I'm trying to convert all my codes to Python. I want to sort an array which has two columns so that the sorting must be based on the 2th column in the ascending order. Then I need to sum the first column data (from first line to, for example, 100th line). I used "Data.sort(axis=1)", but it doesn't work. Does anyone have any idea to solve this problem?

Sam
  • 331
  • 1
  • 3
  • 3

2 Answers2

62

Use .argsort() it returns an numpy.array of indices that sort the given numpy.array. You call it as a function or as a method on your array.
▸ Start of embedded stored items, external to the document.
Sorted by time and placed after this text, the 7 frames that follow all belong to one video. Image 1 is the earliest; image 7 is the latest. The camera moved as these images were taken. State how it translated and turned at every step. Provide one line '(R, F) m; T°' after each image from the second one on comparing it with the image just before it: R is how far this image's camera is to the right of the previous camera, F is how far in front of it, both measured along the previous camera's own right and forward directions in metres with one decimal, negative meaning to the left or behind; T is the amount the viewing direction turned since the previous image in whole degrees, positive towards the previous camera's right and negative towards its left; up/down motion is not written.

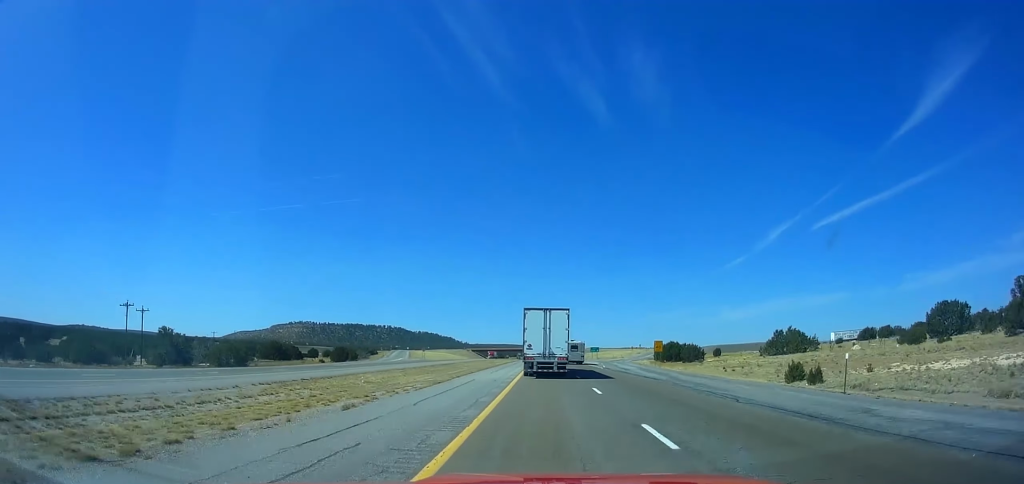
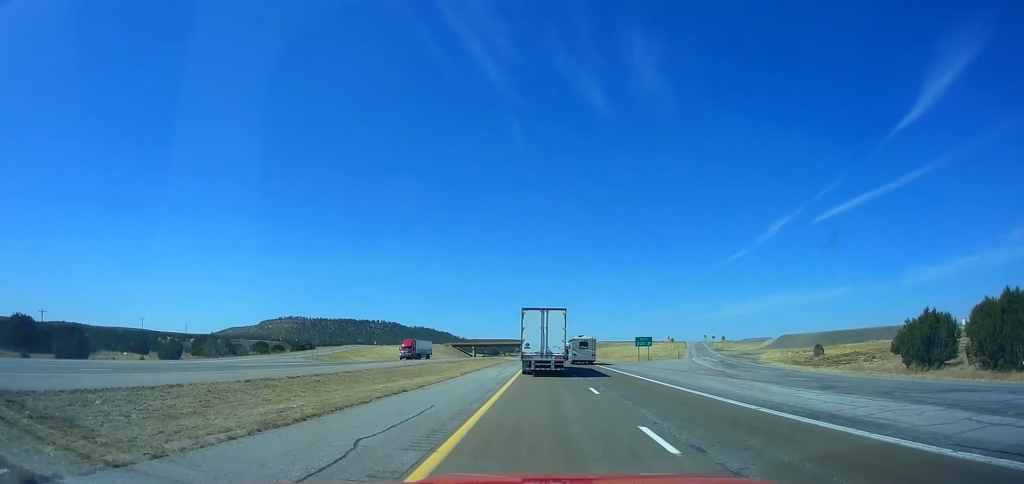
(-0.2, +86.2) m; 0°
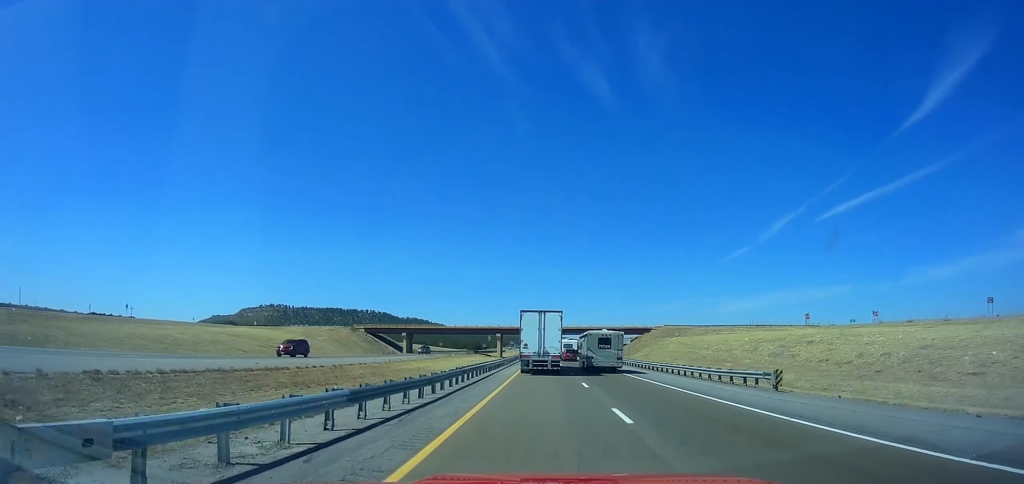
(0.0, +154.0) m; 0°
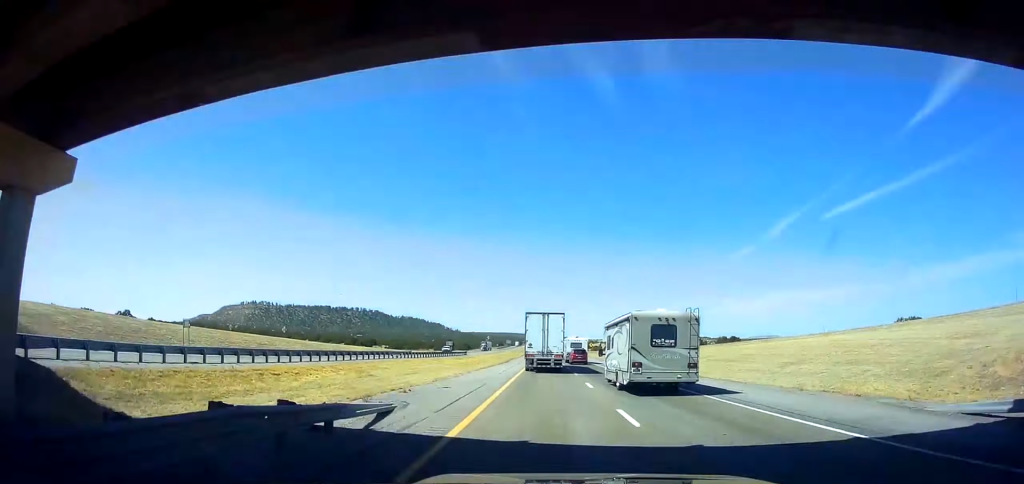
(+0.3, +146.1) m; 0°
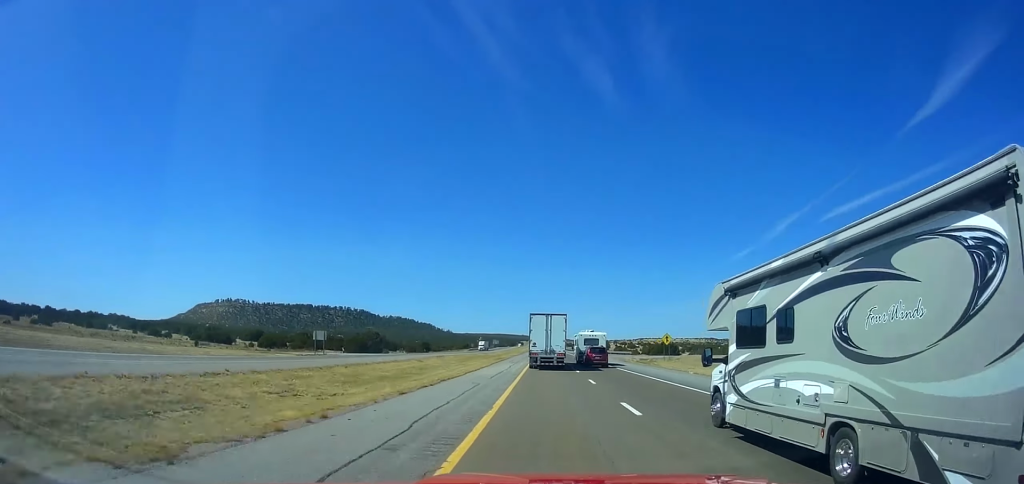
(-0.1, +131.9) m; 0°
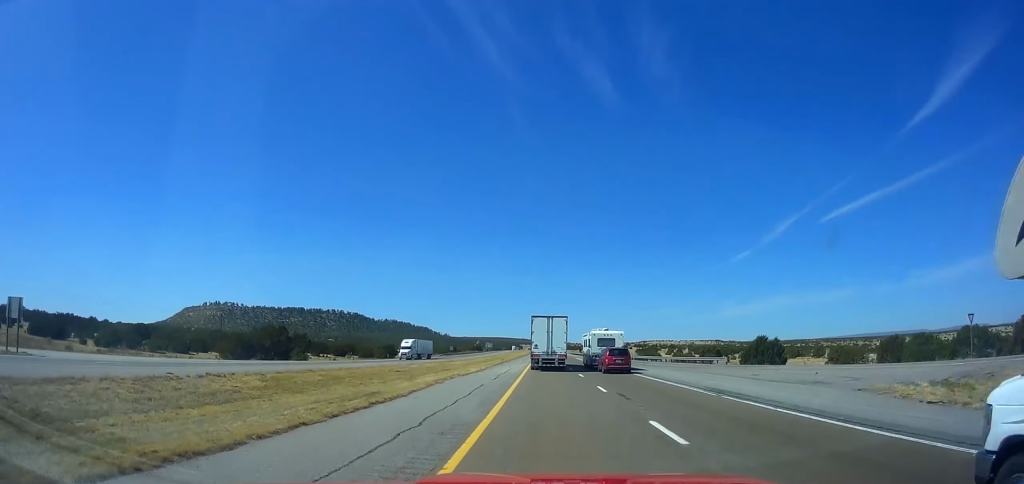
(0.0, +65.3) m; 0°
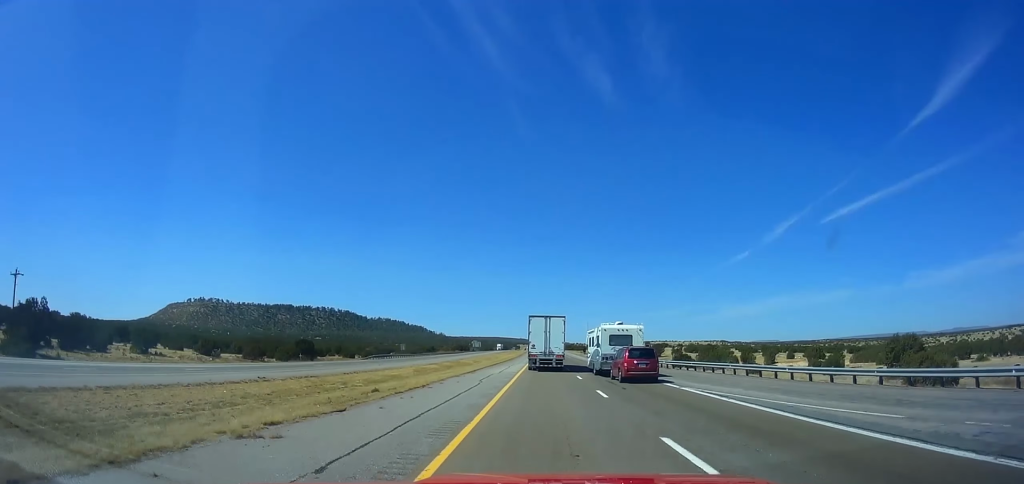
(0.0, +75.2) m; 0°

For example, suppose you have

import numpy as np

arr = np.array([[-0.30565392, -0.96605562],
                [ 0.85331367, -2.62963495],
                [ 0.87839643, -0.28283675],
                [ 0.72676698,  0.93213482],
                [-0.52007354,  0.27752806],
                [-0.08701666,  0.22764316],
                [-1.78897817,  0.50737573],
                [ 0.62260038, -1.96012161],
                [-1.98231706,  0.36523876],
                [-1.07587382, -2.3022289 ]])

You can now call .argsort() on the column you want to sort, and it will give you an array of row indices that sort that particular column which you can pass as an index to your original array.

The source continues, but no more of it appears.